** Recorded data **

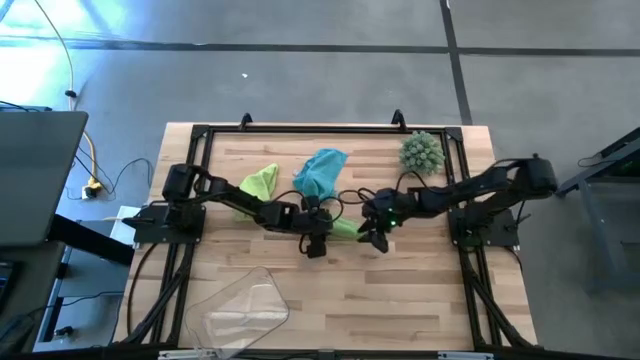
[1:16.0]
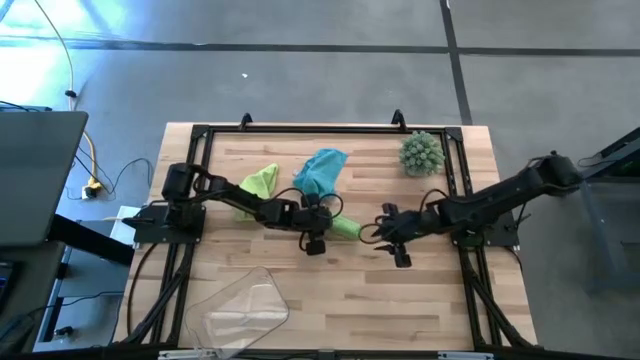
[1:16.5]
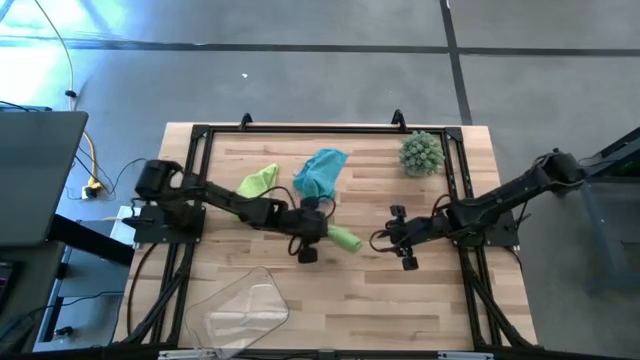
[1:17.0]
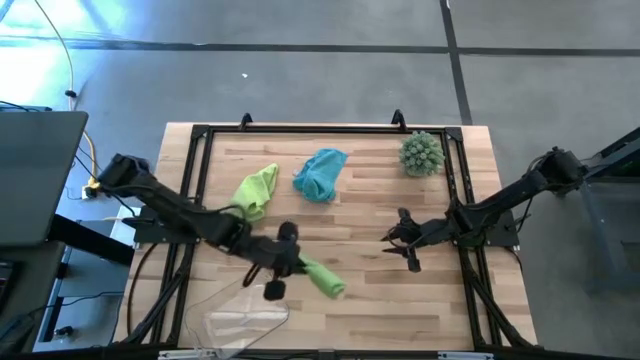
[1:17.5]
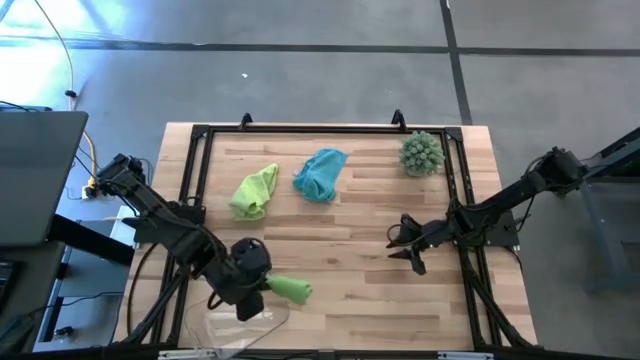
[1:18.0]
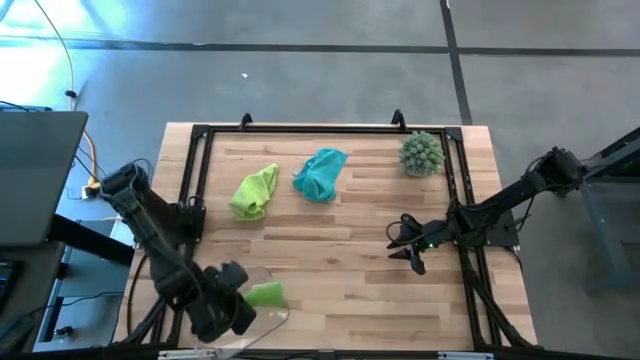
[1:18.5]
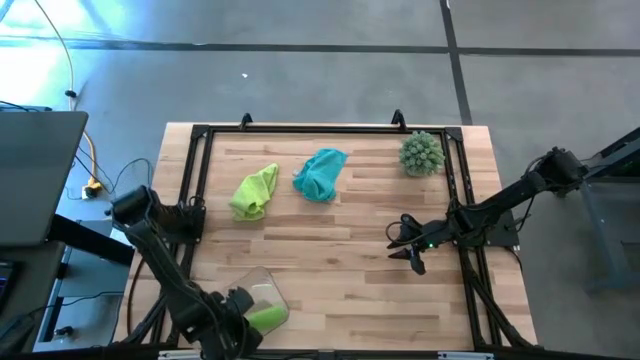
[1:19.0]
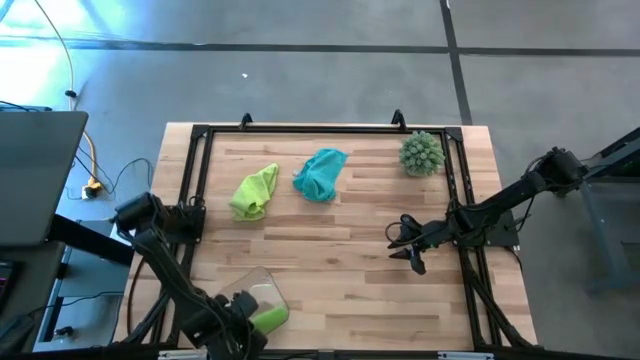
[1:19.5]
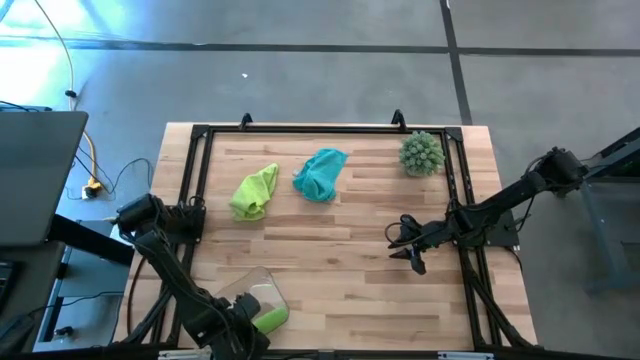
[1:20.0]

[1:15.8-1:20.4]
Task: Roll microfiber towels into tight, uniform cylinder then place into a basket
Put the right green microfiber cloth into the transparent bin

** YOUR TASK **
Set down all of the entries precisely and keep the pictures out of the copy.

** PROBLEM SOLUTION **
[1:16.0]
[1:16.5]
[1:17.0]
[1:17.5]
[1:18.0]
[1:18.5]
[1:19.0]
[1:19.5]
[1:20.0]

[1:15.8-1:20.4]
Task: Roll microfiber towels into tight, uniform cylinder then place into a basket
Put the right green microfiber cloth into the transparent bin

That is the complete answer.